The “Word” does this same feat (Psalm 33:6; John 1:1). Note that few lines earlier we read the “Word of Life.” 

We have also seen before the direct linguistic relationship between the Hebrew and Aramaic roots for “Light” and “Torah” such as: “Your word (davar) is a lamp to my feet, a light (aur) to my path”  (Psalm 119:105).  “For the commandment is a lamp. The teaching is a light (aur), and the way to life is the rebuke that disciplines” (Proverbs 6:23).

What makes this citation in Proverbs most profound is the word mitzvah (commandment), since tradition commonly calls the revelation at Sinai the Ten Commandments when in fact the Tanakh uses davarim (words)! 
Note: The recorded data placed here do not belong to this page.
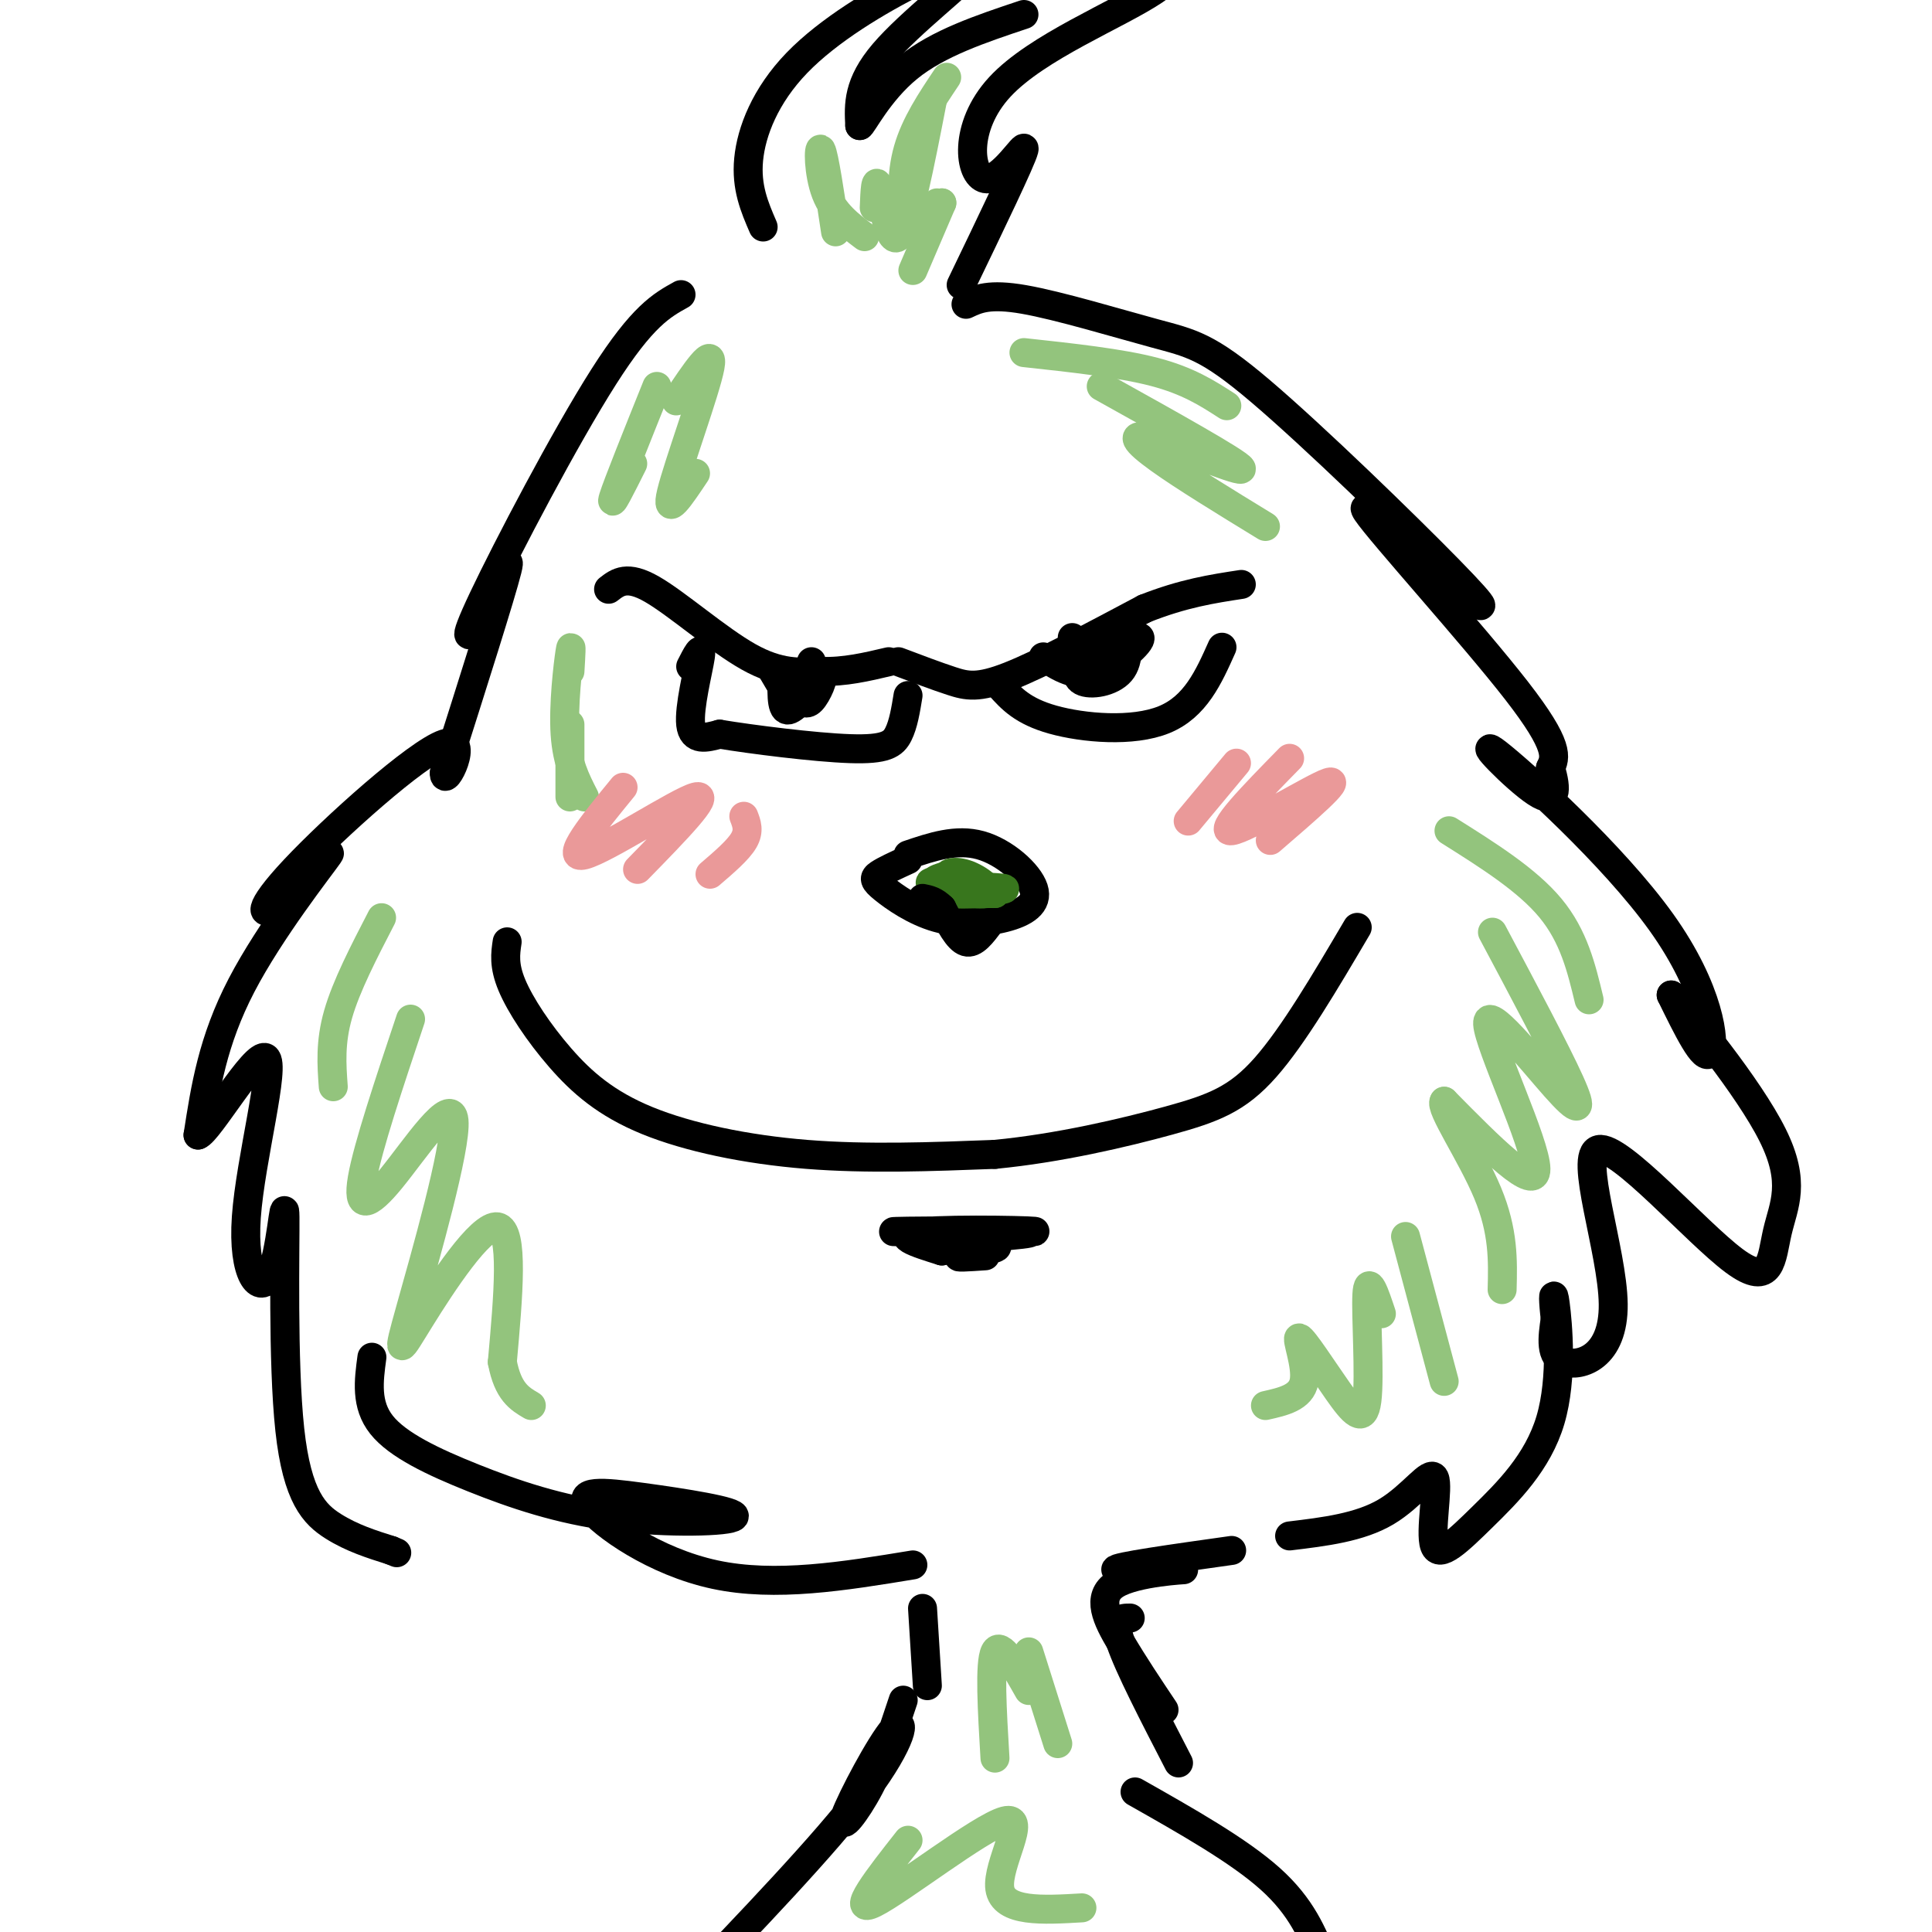 <svg viewBox='0 0 400 400' version='1.1' xmlns='http://www.w3.org/2000/svg' xmlns:xlink='http://www.w3.org/1999/xlink'><g fill='none' stroke='rgb(0,0,0)' stroke-width='6' stroke-linecap='round' stroke-linejoin='round'><path d='M186,137c3.933,1.489 7.867,2.978 11,4c3.133,1.022 5.467,1.578 12,-1c6.533,-2.578 17.267,-8.289 28,-14'/><path d='M237,126c8.000,-3.167 14.000,-4.083 20,-5'/><path d='M207,142c2.356,2.622 4.711,5.244 11,7c6.289,1.756 16.511,2.644 23,0c6.489,-2.644 9.244,-8.822 12,-15'/><path d='M126,122c1.911,-1.489 3.822,-2.978 9,0c5.178,2.978 13.622,10.422 20,14c6.378,3.578 10.689,3.289 15,3'/><path d='M170,139c4.833,0.167 9.417,-0.917 14,-2'/><path d='M143,138c1.200,-2.356 2.400,-4.711 2,-2c-0.400,2.711 -2.400,10.489 -2,14c0.400,3.511 3.200,2.756 6,2'/><path d='M149,152c6.464,1.071 19.625,2.750 27,3c7.375,0.250 8.964,-0.929 10,-3c1.036,-2.071 1.518,-5.036 2,-8'/><path d='M160,139c1.833,3.167 3.667,6.333 5,6c1.333,-0.333 2.167,-4.167 3,-8'/><path d='M222,132c2.399,2.726 4.798,5.452 7,5c2.202,-0.452 4.208,-4.083 4,-4c-0.208,0.083 -2.631,3.881 -4,5c-1.369,1.119 -1.685,-0.440 -2,-2'/><path d='M227,136c2.131,-1.667 8.458,-4.833 9,-4c0.542,0.833 -4.702,5.667 -9,7c-4.298,1.333 -7.649,-0.833 -11,-3'/><path d='M105,195c-0.365,2.443 -0.730,4.887 1,9c1.730,4.113 5.557,9.896 10,15c4.443,5.104 9.504,9.528 18,13c8.496,3.472 20.427,5.992 33,7c12.573,1.008 25.786,0.504 39,0'/><path d='M206,239c13.214,-1.274 26.750,-4.458 36,-7c9.250,-2.542 14.214,-4.440 20,-11c5.786,-6.560 12.393,-17.780 19,-29'/><path d='M188,177c5.003,-1.694 10.006,-3.388 15,-2c4.994,1.388 9.978,5.859 11,9c1.022,3.141 -1.920,4.952 -6,6c-4.080,1.048 -9.300,1.332 -14,0c-4.700,-1.332 -8.881,-4.282 -11,-6c-2.119,-1.718 -2.177,-2.205 -1,-3c1.177,-0.795 3.588,-1.897 6,-3'/><path d='M141,61c-3.992,2.206 -7.984,4.411 -16,17c-8.016,12.589 -20.056,35.560 -25,46c-4.944,10.440 -2.793,8.349 0,3c2.793,-5.349 6.226,-13.957 5,-9c-1.226,4.957 -7.113,23.478 -13,42'/><path d='M92,160c-0.241,3.742 5.658,-7.904 0,-6c-5.658,1.904 -22.872,17.358 -31,26c-8.128,8.642 -7.168,10.471 -3,7c4.168,-3.471 11.545,-12.242 10,-10c-1.545,2.242 -12.013,15.498 -18,27c-5.987,11.502 -7.494,21.251 -9,31'/><path d='M41,235c2.089,-0.538 11.811,-17.383 14,-16c2.189,1.383 -3.154,20.995 -4,33c-0.846,12.005 2.807,16.402 5,12c2.193,-4.402 2.928,-17.603 3,-12c0.072,5.603 -0.519,30.008 1,44c1.519,13.992 5.148,17.569 9,20c3.852,2.431 7.926,3.715 12,5'/><path d='M81,321c2.000,0.833 1.000,0.417 0,0'/><path d='M200,63c2.382,-1.132 4.764,-2.263 12,-1c7.236,1.263 19.328,4.921 27,7c7.672,2.079 10.926,2.578 22,12c11.074,9.422 29.967,27.768 39,37c9.033,9.232 8.205,9.351 1,3c-7.205,-6.351 -20.786,-19.171 -18,-15c2.786,4.171 21.939,25.335 31,37c9.061,11.665 8.031,13.833 7,16'/><path d='M321,159c1.391,4.536 1.370,7.876 -3,5c-4.370,-2.876 -13.089,-11.967 -8,-8c5.089,3.967 23.985,20.991 34,35c10.015,14.009 11.147,25.003 10,27c-1.147,1.997 -4.574,-5.001 -8,-12'/><path d='M346,206c3.440,3.729 16.041,19.052 21,29c4.959,9.948 2.277,14.522 1,20c-1.277,5.478 -1.149,11.860 -9,6c-7.851,-5.860 -23.682,-23.963 -28,-23c-4.318,0.963 2.876,20.990 3,32c0.124,11.010 -6.822,13.003 -10,12c-3.178,-1.003 -2.589,-5.001 -2,-9'/><path d='M322,273c-0.431,-3.247 -0.508,-6.866 0,-3c0.508,3.866 1.603,15.216 -1,24c-2.603,8.784 -8.902,15.000 -14,20c-5.098,5.000 -8.995,8.784 -10,6c-1.005,-2.784 0.883,-12.134 0,-14c-0.883,-1.866 -4.538,3.753 -10,7c-5.462,3.247 -12.731,4.124 -20,5'/><path d='M158,47c-1.778,-4.112 -3.556,-8.223 -3,-14c0.556,-5.777 3.444,-13.219 10,-20c6.556,-6.781 16.778,-12.900 25,-17c8.222,-4.100 14.444,-6.181 12,-3c-2.444,3.181 -13.556,11.623 -19,18c-5.444,6.377 -5.222,10.688 -5,15'/><path d='M178,26c0.378,0.156 3.822,-6.956 10,-12c6.178,-5.044 15.089,-8.022 24,-11'/><path d='M199,59c6.242,-12.949 12.485,-25.898 13,-28c0.515,-2.102 -4.697,6.643 -8,6c-3.303,-0.643 -4.697,-10.673 3,-19c7.697,-8.327 24.485,-14.951 32,-20c7.515,-5.049 5.758,-8.525 4,-12'/><path d='M243,-14c0.667,-2.000 0.333,-1.000 0,0'/><path d='M77,281c-0.662,4.906 -1.324,9.813 2,14c3.324,4.187 10.634,7.655 19,11c8.366,3.345 17.790,6.568 29,8c11.210,1.432 24.208,1.074 25,0c0.792,-1.074 -10.623,-2.865 -19,-4c-8.377,-1.135 -13.717,-1.613 -11,2c2.717,3.613 13.491,11.318 26,14c12.509,2.682 26.755,0.341 41,-2'/><path d='M191,333c0.000,0.000 1.000,16.000 1,16'/><path d='M255,321c-12.147,1.708 -24.293,3.416 -24,4c0.293,0.584 13.027,0.043 14,0c0.973,-0.043 -9.815,0.411 -14,3c-4.185,2.589 -1.767,7.311 1,12c2.767,4.689 5.884,9.344 9,14'/><path d='M234,335c-1.833,0.000 -3.667,0.000 -2,5c1.667,5.000 6.833,15.000 12,25'/><path d='M187,352c-2.104,6.348 -4.207,12.695 -7,18c-2.793,5.305 -6.274,9.566 -5,6c1.274,-3.566 7.305,-14.960 10,-18c2.695,-3.040 2.056,2.274 -6,13c-8.056,10.726 -23.528,26.863 -39,43'/><path d='M235,371c10.750,6.083 21.500,12.167 28,18c6.500,5.833 8.750,11.417 11,17'/></g>
<g fill='none' stroke='rgb(56,118,29)' stroke-width='6' stroke-linecap='round' stroke-linejoin='round'><path d='M197,181c-2.661,0.762 -5.321,1.524 -2,2c3.321,0.476 12.625,0.667 13,1c0.375,0.333 -8.179,0.810 -10,1c-1.821,0.190 3.089,0.095 8,0'/><path d='M206,185c-0.866,-0.545 -7.030,-1.909 -9,-3c-1.970,-1.091 0.256,-1.911 3,-1c2.744,0.911 6.008,3.553 4,4c-2.008,0.447 -9.288,-1.301 -11,-2c-1.712,-0.699 2.144,-0.350 6,0'/></g>
<g fill='none' stroke='rgb(147,196,125)' stroke-width='6' stroke-linecap='round' stroke-linejoin='round'><path d='M300,172c8.083,5.083 16.167,10.167 21,16c4.833,5.833 6.417,12.417 8,19'/><path d='M309,193c6.568,12.333 13.136,24.667 16,31c2.864,6.333 2.026,6.667 -3,1c-5.026,-5.667 -14.238,-17.333 -14,-13c0.238,4.333 9.925,24.667 10,30c0.075,5.333 -9.463,-4.333 -19,-14'/><path d='M299,228c-1.089,1.156 5.689,11.044 9,19c3.311,7.956 3.156,13.978 3,20'/><path d='M291,256c0.000,0.000 8.000,30.000 8,30'/><path d='M286,272c-1.379,-4.136 -2.759,-8.273 -3,-4c-0.241,4.273 0.656,16.954 0,22c-0.656,5.046 -2.867,2.456 -6,-2c-3.133,-4.456 -7.190,-10.776 -8,-11c-0.810,-0.224 1.626,5.650 1,9c-0.626,3.350 -4.313,4.175 -8,5'/><path d='M213,342c0.000,0.000 6.000,19.000 6,19'/><path d='M213,350c-2.917,-5.167 -5.833,-10.333 -7,-8c-1.167,2.333 -0.583,12.167 0,22'/><path d='M188,381c-6.143,7.810 -12.286,15.619 -7,13c5.286,-2.619 22.000,-15.667 27,-17c5.000,-1.333 -1.714,9.048 -1,14c0.714,4.952 8.857,4.476 17,4'/><path d='M79,190c-3.667,7.083 -7.333,14.167 -9,20c-1.667,5.833 -1.333,10.417 -1,15'/><path d='M85,211c-4.443,13.285 -8.886,26.569 -10,33c-1.114,6.431 1.101,6.007 6,0c4.899,-6.007 12.481,-17.599 13,-12c0.519,5.599 -6.026,28.387 -9,39c-2.974,10.613 -2.378,9.050 2,2c4.378,-7.050 12.536,-19.586 16,-19c3.464,0.586 2.232,14.293 1,28'/><path d='M104,282c1.167,6.167 3.583,7.583 6,9'/><path d='M118,150c0.000,0.000 0.000,15.000 0,15'/><path d='M118,139c0.200,-3.289 0.400,-6.578 0,-4c-0.400,2.578 -1.400,11.022 -1,17c0.400,5.978 2.200,9.489 4,13'/><path d='M136,80c-4.083,10.167 -8.167,20.333 -9,23c-0.833,2.667 1.583,-2.167 4,-7'/><path d='M140,83c3.956,-5.933 7.911,-11.867 7,-7c-0.911,4.867 -6.689,20.533 -8,26c-1.311,5.467 1.844,0.733 5,-4'/><path d='M173,48c-1.200,-7.978 -2.400,-15.956 -3,-17c-0.600,-1.044 -0.600,4.844 1,9c1.600,4.156 4.800,6.578 8,9'/><path d='M181,43c0.133,-3.422 0.267,-6.844 1,-4c0.733,2.844 2.067,11.956 4,10c1.933,-1.956 4.467,-14.978 7,-28'/><path d='M196,16c-3.244,4.844 -6.489,9.689 -8,15c-1.511,5.311 -1.289,11.089 0,13c1.289,1.911 3.644,-0.044 6,-2'/><path d='M195,42c0.000,0.000 -4.000,6.000 -4,6'/><path d='M195,42c0.000,0.000 -6.000,14.000 -6,14'/><path d='M212,73c10.000,1.083 20.000,2.167 27,4c7.000,1.833 11.000,4.417 15,7'/><path d='M228,80c14.190,7.899 28.381,15.798 29,17c0.619,1.202 -12.333,-4.292 -18,-6c-5.667,-1.708 -4.048,0.369 1,4c5.048,3.631 13.524,8.815 22,14'/></g>
<g fill='none' stroke='rgb(234,153,153)' stroke-width='6' stroke-linecap='round' stroke-linejoin='round'><path d='M256,158c0.000,0.000 -10.000,12.000 -10,12'/><path d='M267,157c-7.556,7.711 -15.111,15.422 -12,15c3.111,-0.422 16.889,-8.978 20,-10c3.111,-1.022 -4.444,5.489 -12,12'/><path d='M129,163c-6.200,7.578 -12.400,15.156 -8,14c4.400,-1.156 19.400,-11.044 23,-12c3.600,-0.956 -4.200,7.022 -12,15'/><path d='M154,169c0.583,1.500 1.167,3.000 0,5c-1.167,2.000 -4.083,4.500 -7,7'/></g>
<g fill='none' stroke='rgb(0,0,0)' stroke-width='6' stroke-linecap='round' stroke-linejoin='round'><path d='M162,139c-0.167,3.917 -0.333,7.833 1,8c1.333,0.167 4.167,-3.417 7,-7'/><path d='M170,140c0.778,0.067 -0.778,3.733 -2,5c-1.222,1.267 -2.111,0.133 -3,-1'/><path d='M224,135c-0.867,2.533 -1.733,5.067 0,6c1.733,0.933 6.067,0.267 8,-2c1.933,-2.267 1.467,-6.133 1,-10'/><path d='M233,129c0.333,-0.833 0.667,2.083 1,5'/><path d='M195,259c0.000,0.000 0.000,-2.000 0,-2'/><path d='M195,259c-5.419,-1.687 -10.839,-3.375 -4,-4c6.839,-0.625 25.936,-0.188 23,0c-2.936,0.188 -27.906,0.128 -29,0c-1.094,-0.128 21.687,-0.322 27,0c5.313,0.322 -6.844,1.161 -19,2'/><path d='M193,257c1.039,0.240 13.138,-0.159 13,0c-0.138,0.159 -12.511,0.878 -13,1c-0.489,0.122 10.907,-0.352 13,0c2.093,0.352 -5.116,1.529 -7,2c-1.884,0.471 1.558,0.235 5,0'/><path d='M205,191c-1.667,2.250 -3.333,4.500 -5,4c-1.667,-0.500 -3.333,-3.750 -5,-7'/><path d='M195,188c-1.500,-1.500 -2.750,-1.750 -4,-2'/></g>
</svg>

Keep this in mind while considering 1 John 2:4 - “He who says I know Him and does not keep His Commandments (poqadona) is a liar and the truth is not in him. But whoever keeps His word (miltha) in him, verily is the love of Elohim perfected; hereby we know that we are in Him” (1 John 2:4). 

Aramaic could not make a more forceful point. The fact is, poqadona and miltha are exceedingly close matches for their Hebrew counterparts - mitzvah in Proverbs, and davar in Psalms. However, it is in this next passage that the full measure of John’s brilliance is shown:

“My beloved, I do not write a new commandment to you, but an old commandment that you have had from the beginning. The old commandment is the word that you have heard from the beginning” (1 John 2:7). 

The Commandment is the Word, which comes from the beginning. We must now realize that to translate this as “his Commandments” is wrong, but “His Commandments” is correct.  “His Commandments” is the WORD which came from the very beginning of time!

Many fail to understand this truth:

It is impossible for Torah to have passed away during the lifetime of the Shlichim/Apostles if John himself writes about the Word they have heard from the beginning.  What else could this WORD be, except the living Torah! 

John is a native Aramaic speaker and follower of Y’shua who knows that the WORD (or the Torah of YHWH) comes from the “Light”; he states that Elohim is Light and that we abide in that Light when we do His Mitzvot/Poqadona/Commandments.

Furthermore, the interchanging of “Word” and “Commandment” simply does not happen in any other language except Hebrew and Aramaic, the “word that you have heard” is the Shema!